Lisbon apartment prices rose 11.4 percent in the second quarter of 2026 compared with the same period last year, according to data compiled by the Portuguese Association of Real Estate Professionals and Brokers (APEMIP) and cross-referenced with listings aggregator Idealista Portugal. The median asking price for a residential unit in the municipality now sits at €5,340 per square metre — up from €4,795 in Q2 2025 and well above the €3,900 recorded in Q2 2023.
The timing matters. Portugal's Golden Visa programme, stripped of its residential property route in October 2023, was widely expected to cool demand from non-EU investors. Instead, a surge in high-income remote workers relocating from northern Europe — particularly from Germany and the Netherlands — has more than filled the gap. Add a chronic shortage of new supply inside the municipal boundary, where construction licensing approvals fell 18 percent in 2025 according to Instituto Nacional de Estatística figures, and the conditions for sustained price pressure are firmly in place.
Where Prices Are Moving Fastest
Príncipe Real remains the benchmark neighbourhood for premium stock. A renovated two-bedroom apartment on Rua Dom Pedro V changed hands in May for €1.27 million, or roughly €7,100 per square metre — a price that would have seemed extraordinary three years ago. Agents working the Mouraria corridor, historically one of the city's more affordable inner districts, report that T2 units are now routinely listed above €4,600 per square metre, a jump of nearly 14 percent on Q2 2025 asking prices.
The Avenidas Novas district, long favoured by Portuguese professional families and corporate lets, has seen its quarterly growth rate accelerate to 9.2 percent against the same quarter last year — slower than Mouraria but significant given its larger transaction volume. Across the Tagus, Almada's Monte de Caparica seafront, technically outside the Lisbon municipality, is acting as a pressure-release valve: prices there rose 7.8 percent year-on-year but remain around €2,900 per square metre, attracting buyers priced out of the capital.
The rental side is equally pressured. The Lisbon municipal council's Renda Acessível programme, which subsidises affordable private rentals, has a waiting list of more than 4,200 households as of June 2026 — roughly double the figure recorded when the scheme launched. Average monthly rent for a T2 in Arroios hit €1,780 in June, up from €1,540 a year earlier, squeezing tenants who earn median Portuguese wages of approximately €1,450 net per month.
What Buyers and Sellers Should Expect This Autumn
Several factors will shape the market through the end of 2026. Portugal's Banco de Portugal held its independent stress-test rate steady in June, but the European Central Bank's two cuts since January — bringing the main refinancing rate to 2.25 percent — have already pushed 30-year fixed mortgage rates below 3.1 percent at several Portuguese lenders, including Caixa Geral de Depósitos. Cheaper credit is feeding demand at exactly the moment supply constraints are most acute.

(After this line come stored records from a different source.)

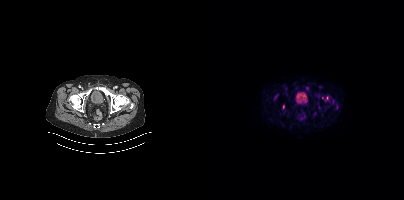
Technique: Two-panel axial: CT | PSMA PET, 18F-PSMA tracer. acquired on Siemens Biograph mCT Flow 20. slice 81 of 429. PET panel 200×200 px (4.1 mm/px).
Findings: Only PSMA-avid lesion pieces thinner than 2 px on this slice (not listed).
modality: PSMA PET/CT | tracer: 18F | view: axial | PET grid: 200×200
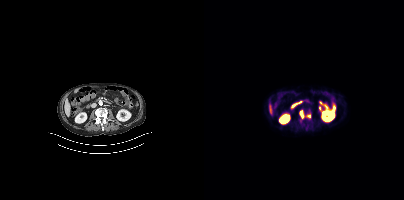
Coordinates are on the 200×200 PET (right) panel. PSMA-avid tumor lesion bounding boxes (x, y, width, height): x=102 y=109 w=5 h=10; x=96 y=110 w=4 h=8. Small PSMA-avid focus (2 to 4 px across) near (center x, center y): (97, 120).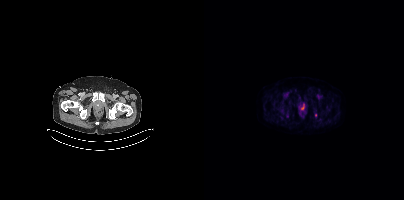
Coordinates are on the 200×200 PET (right) panel. Small PSMA-avid focus (2 to 4 px across) near (center x, center y): (111, 115).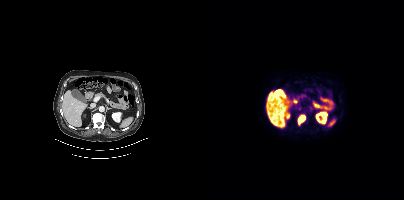
Technique: Left: CT. Right: PSMA PET, same axial level, 18F tracer. PET panel 200×200 px (4.1 mm/px).
Findings: Coordinates are on the 200×200 PET (right) panel. PSMA-avid tumor lesion bounding box (x0, y0)-(x1, y1): (94, 115)-(101, 125).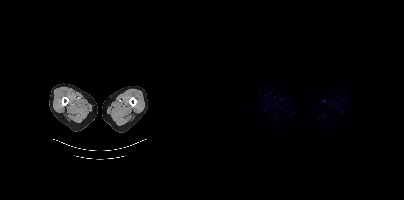
Paired axial CT (left) and PSMA PET (right), 18F tracer. Acquired on Siemens Biograph mCT Flow 20. Slice 7 of 405. No PSMA-avid tumor lesions on this slice.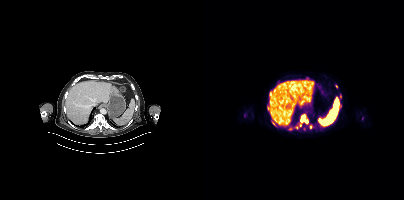
Coordinates are on the 200×200 PET (right) panel. (showing 9 of 10 foci) PSMA-avid tumor lesion bounding boxes (x0, y0)-(x1, y1): (96, 114)-(104, 123); (68, 121)-(72, 126); (63, 105)-(64, 110); (65, 91)-(67, 95). Small PSMA-avid foci (2 to 4 px across) near (center x, center y): (107, 126); (96, 125); (132, 86); (136, 96); (86, 128).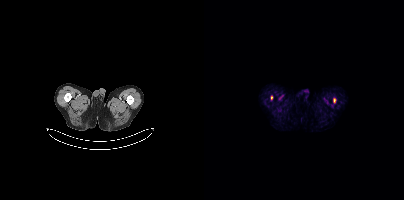
Findings: Coordinates are on the 200×200 PET (right) panel. PSMA-avid tumor lesion bounding box (x0,y0,x1,y1): [129,98,131,102]. Small PSMA-avid focus (2 to 4 px across) near (center x, center y): (67, 97).
- Two-panel axial: CT | PSMA PET, 18F-PSMA tracer
- slice 12 of 373
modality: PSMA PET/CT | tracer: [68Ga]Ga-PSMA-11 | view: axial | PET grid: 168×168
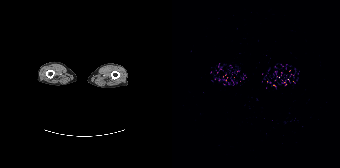
Negative for PSMA-avid disease on this slice.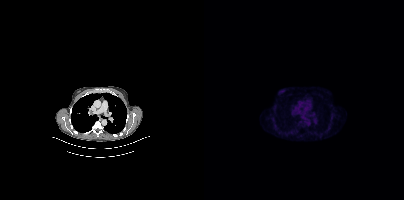
Findings: Negative for PSMA-avid disease on this slice.
Technique: Left: CT. Right: PSMA PET, same axial level, [18F]PSMA-1007 tracer. acquired on Siemens Biograph mCT Flow 20.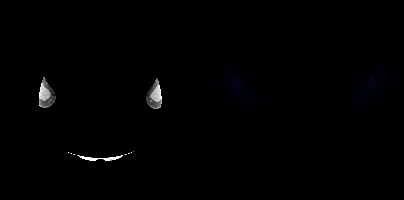
modality: PSMA PET/CT | tracer: 18F-PSMA | view: axial | PET grid: 200×200 | deidentification: face masked with black rectangle
This slice has no annotated PSMA-avid lesion.
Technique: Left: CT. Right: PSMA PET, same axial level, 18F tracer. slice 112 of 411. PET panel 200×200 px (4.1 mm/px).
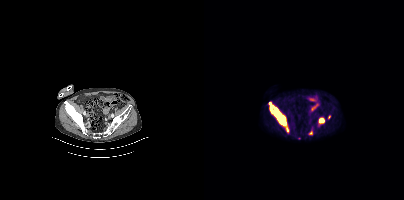
Findings: Coordinates are on the 200×200 PET (right) panel. PSMA-avid tumor lesion bounding boxes (x, y, width, height): x=64 y=102 w=21 h=31 | x=115 y=117 w=6 h=7 | x=124 y=115 w=3 h=5. Small PSMA-avid focus (2 to 4 px across) near (center x, center y): (106, 132).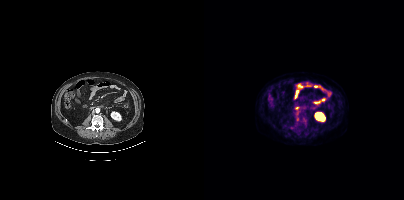
{"pet_grid":[200,200],"coord_frame":"pet_panel","coord_format":"x0,y0,x1,y1","lesion_bboxes":[],"small_foci_centers":[[93,119]],"modality":"PSMA PET/CT","view":"axial","tracer":"[18F]PSMA-1007"}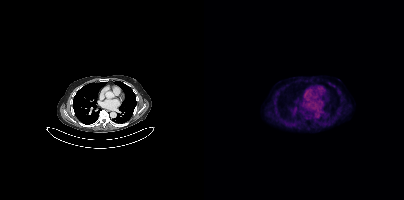
{"pet_grid":[200,200],"coord_frame":"pet_panel","coord_format":"x0,y0,x1,y1","psma_avid_lesions":false,"modality":"PSMA PET/CT","view":"axial","tracer":"[18F]PSMA-1007"}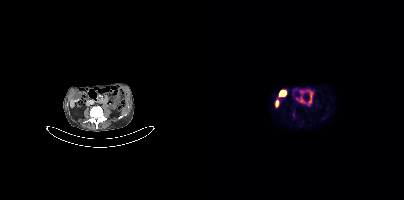
Findings: This slice has no annotated PSMA-avid lesion.
Technique: Paired axial CT (left) and PSMA PET (right), [18F]PSMA-1007 tracer. slice position z = -826 mm.
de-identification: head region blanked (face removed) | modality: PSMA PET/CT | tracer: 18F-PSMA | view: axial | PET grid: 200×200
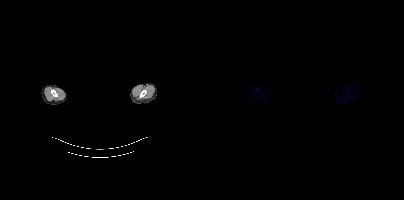
No tumor lesions annotated on this slice.

APEMIP analysts flagged in their June bulletin that new housing completions within the Lisbon ring road are unlikely to exceed 2,800 units for the full year 2026, against estimated annual household formation of around 6,500. That gap does not close overnight. For buyers, the practical implication is straightforward: waiting for a meaningful correction requires a catalyst — a sharp ECB rate reversal, a serious Portuguese fiscal shock, or a sudden retreat of international demand — that is not visible in current data.
For sellers, the second half of the year historically sees thinner transaction volumes as August empties the city, but prices rarely retreat during the summer lull. The more relevant question is whether the 11.4 percent annual growth rate can sustain itself into Q3. At current trajectory, analysts at Savills Portugal estimate year-end median prices could breach €5,600 per square metre — which would make Lisbon residential property more expensive per square metre than Madrid for the first time on record.